**Brief:** All of the lines below need to be copied exactly, apart from the pictures.

(Data excerpts)
□ □ □
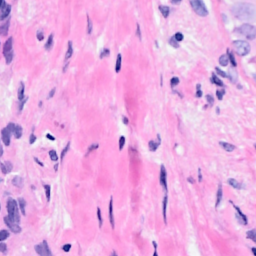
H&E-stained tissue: Breast
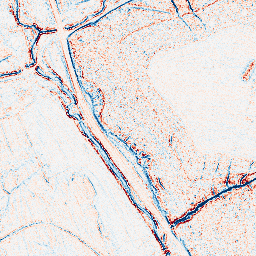
Category: edge_preserving
Decomposition family: bilateral
Decomposition parameters: d: 5
sigma_color: 150
sigma_space: 50
Upsampling method: sinc_blackman
Upsampling parameters: scale: 4
kernel_size: 16
Upsampling scale: 4
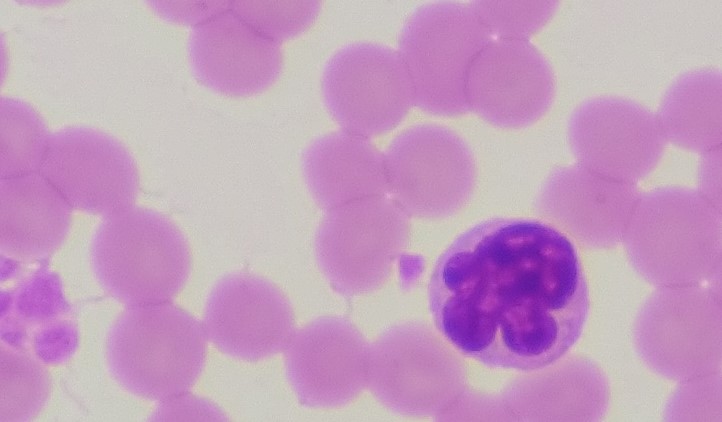
White blood cell type: Monocyte
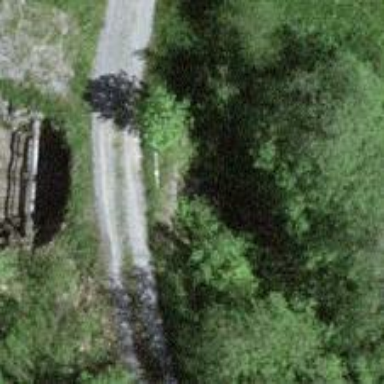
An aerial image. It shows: Culvert tunnel crossing ditch waterway.
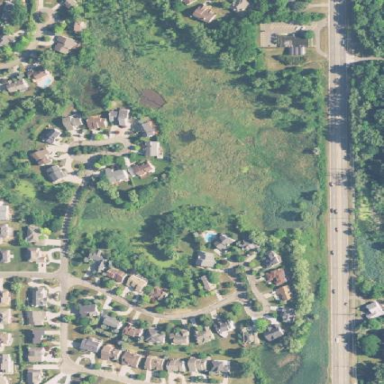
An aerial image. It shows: This residential area consists of single-family homes.
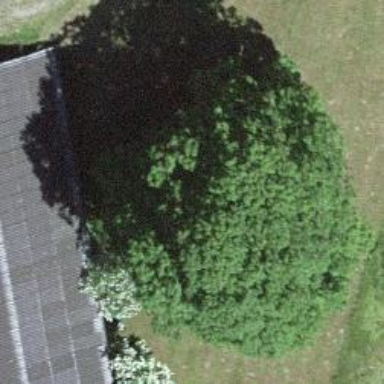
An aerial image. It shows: Beautiful tree in nature.
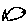
Label: fish
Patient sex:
□ □ □
**Your solution:**
H&E-stained tissue: Breast
Category: edge_preserving
Decomposition family: bilateral
Decomposition parameters: d: 5
sigma_color: 150
sigma_space: 50
Upsampling method: sinc_blackman
Upsampling parameters: scale: 4
kernel_size: 16
Upsampling scale: 4
White blood cell type: Monocyte
An aerial image. It shows: Culvert tunnel crossing ditch waterway.
An aerial image. It shows: This residential area consists of single-family homes.
An aerial image. It shows: Beautiful tree in nature.
Label: fish
Patient sex:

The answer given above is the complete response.